What I previously said. Can you imagine the Daily Mail headlines if it were reporting on this same story elsewhere?  What if Robert Mugabe decided to use its own HIV and education budget to fund Ministry of Defence projects?  What if President Goodluck Jonathan decided to reassign a DFID grant to Nigeria’s military peacekeeping activities in Mali?  Whether or not there is a perfectly acceptable legality to the UK government’s manoeuvring, corruption is the word we’d use if the Tories were African.

What I think. Aid and defence mix well in a political analysis, poorly in a humanitarian one.  And we can probably conclude that the hard-boiled world of political opportunism seems like a right stench compared to the perfumed corridors of aid.  Then again, so does the whiff of NGO opportunism.

Development vs. Independence

When a pseudonymous filmmaker put out the laughable, execrable Innocence of the Muslims, did anybody foresee a KFC getting torched?  Not to mention a Hardees.  (Which begs the question:  When was the last time anybody outside of Tennessee even noticed a Hardees?).   Apparently, these heart disease outlets are symbols of the USA, a nation that is being held responsible for Sam Bacile’s vile film.  Just yesterday on BBC, a British military expert referred to it as “the U.S. film,” as if it were an official product of the State Department.  Funny that sort of attribution.  Seems unfair.  Like holding the entire Muslim world responsible for 9/11.

There is no link from bad fast food to American foreign policy (let’s not quibble about U.S. Govt efforts to help U.S. corporations establish overseas markets).  Yet the perceived link is as real to rioters on Lebanon’s “Arab Street” as salt in a Big Mac, isn’t it?

That’s the lesson for independence in humanitarian circles:  we NGOs can’t fully control perceptions; we can only improve our chances.  Independence is factual:  being able to make decisions and then implement programs in such a way as to ensure impartiality trumps political opportunism (i.e., that aid goes to those most in need).  And independence is about what people think.  What does KFC have to do with the American government?  And what does the American government have to do with Bacile’s film (“Sam Bacile” and “Imbecile”:  curiously close!)?  Sometimes, it doesn’t matter.

ALNAP’s recently released State of the Humanitarian System report raises the concern of a growing split between “traditionalist” actors, like MSF and the ICRC, and multi-mandate organizations, like Oxfam or World Vision. (Scroll down on ALNAP’s site if you want to see a video of yours truly in action).  Tellingly, it concludes that “many humanitarian organizations have themselves also willingly compromised a principled approach in their own conduct through close alignment with political and military actors” (SOHS p. 79).

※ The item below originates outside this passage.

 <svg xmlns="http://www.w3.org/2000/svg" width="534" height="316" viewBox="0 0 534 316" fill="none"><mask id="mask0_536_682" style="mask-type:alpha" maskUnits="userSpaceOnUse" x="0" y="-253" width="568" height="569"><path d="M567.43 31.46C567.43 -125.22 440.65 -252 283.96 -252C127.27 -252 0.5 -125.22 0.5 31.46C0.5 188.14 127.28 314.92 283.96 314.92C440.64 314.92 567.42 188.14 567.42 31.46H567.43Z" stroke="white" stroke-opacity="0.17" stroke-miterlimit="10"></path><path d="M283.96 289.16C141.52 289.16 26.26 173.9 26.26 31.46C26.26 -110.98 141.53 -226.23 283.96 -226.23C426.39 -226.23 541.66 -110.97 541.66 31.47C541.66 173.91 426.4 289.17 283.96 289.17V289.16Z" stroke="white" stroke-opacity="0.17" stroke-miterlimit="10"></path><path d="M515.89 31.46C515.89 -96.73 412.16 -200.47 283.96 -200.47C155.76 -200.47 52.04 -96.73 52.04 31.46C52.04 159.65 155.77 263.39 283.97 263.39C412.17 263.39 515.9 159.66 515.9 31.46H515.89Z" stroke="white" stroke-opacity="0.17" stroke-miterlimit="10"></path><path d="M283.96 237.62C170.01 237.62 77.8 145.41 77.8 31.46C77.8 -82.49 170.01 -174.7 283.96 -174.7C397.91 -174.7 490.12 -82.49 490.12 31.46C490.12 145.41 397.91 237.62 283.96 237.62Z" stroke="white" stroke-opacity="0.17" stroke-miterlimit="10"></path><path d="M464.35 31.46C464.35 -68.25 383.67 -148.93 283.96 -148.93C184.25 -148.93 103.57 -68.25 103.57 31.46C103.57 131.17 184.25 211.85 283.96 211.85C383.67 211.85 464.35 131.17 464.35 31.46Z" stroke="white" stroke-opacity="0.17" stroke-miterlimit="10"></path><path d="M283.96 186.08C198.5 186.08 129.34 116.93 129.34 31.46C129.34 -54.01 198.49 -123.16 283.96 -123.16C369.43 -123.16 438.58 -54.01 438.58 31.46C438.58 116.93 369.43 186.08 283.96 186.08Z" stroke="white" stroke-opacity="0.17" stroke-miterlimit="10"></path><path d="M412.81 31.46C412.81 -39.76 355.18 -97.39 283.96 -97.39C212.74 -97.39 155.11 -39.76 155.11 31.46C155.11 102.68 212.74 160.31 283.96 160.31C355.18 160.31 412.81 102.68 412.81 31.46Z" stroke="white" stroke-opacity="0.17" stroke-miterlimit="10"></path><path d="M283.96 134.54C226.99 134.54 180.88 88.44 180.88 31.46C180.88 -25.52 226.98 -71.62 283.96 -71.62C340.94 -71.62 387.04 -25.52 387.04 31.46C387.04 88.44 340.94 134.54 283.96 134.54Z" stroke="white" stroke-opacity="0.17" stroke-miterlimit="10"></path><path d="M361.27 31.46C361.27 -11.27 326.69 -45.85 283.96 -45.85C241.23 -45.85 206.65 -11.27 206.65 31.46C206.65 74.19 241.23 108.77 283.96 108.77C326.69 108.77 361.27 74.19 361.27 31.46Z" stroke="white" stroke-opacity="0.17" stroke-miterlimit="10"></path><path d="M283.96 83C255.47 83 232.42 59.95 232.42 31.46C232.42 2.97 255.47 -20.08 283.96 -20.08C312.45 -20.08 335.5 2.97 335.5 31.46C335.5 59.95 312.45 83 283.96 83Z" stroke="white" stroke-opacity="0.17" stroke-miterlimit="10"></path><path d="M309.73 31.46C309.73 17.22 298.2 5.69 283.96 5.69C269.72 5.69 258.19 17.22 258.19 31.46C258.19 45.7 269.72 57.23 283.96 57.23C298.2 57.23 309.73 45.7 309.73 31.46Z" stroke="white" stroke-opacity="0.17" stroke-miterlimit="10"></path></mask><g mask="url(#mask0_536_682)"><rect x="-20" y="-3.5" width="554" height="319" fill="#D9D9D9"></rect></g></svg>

Bingo.  That’s your first step to a burned down chicken shack.   But what does this compromise look like up close?

There is the obvious acceptance of funding for programs, especially for work in war zones, from Western governments that are one of the belligerents.  Most international NGOs really struggle with those decisions, attempting an impossible calculation between benefits of the program versus negative consequences for the NGO.  Will “they” shoot at us if we take U.S. Govt money?  Will “they” give us access?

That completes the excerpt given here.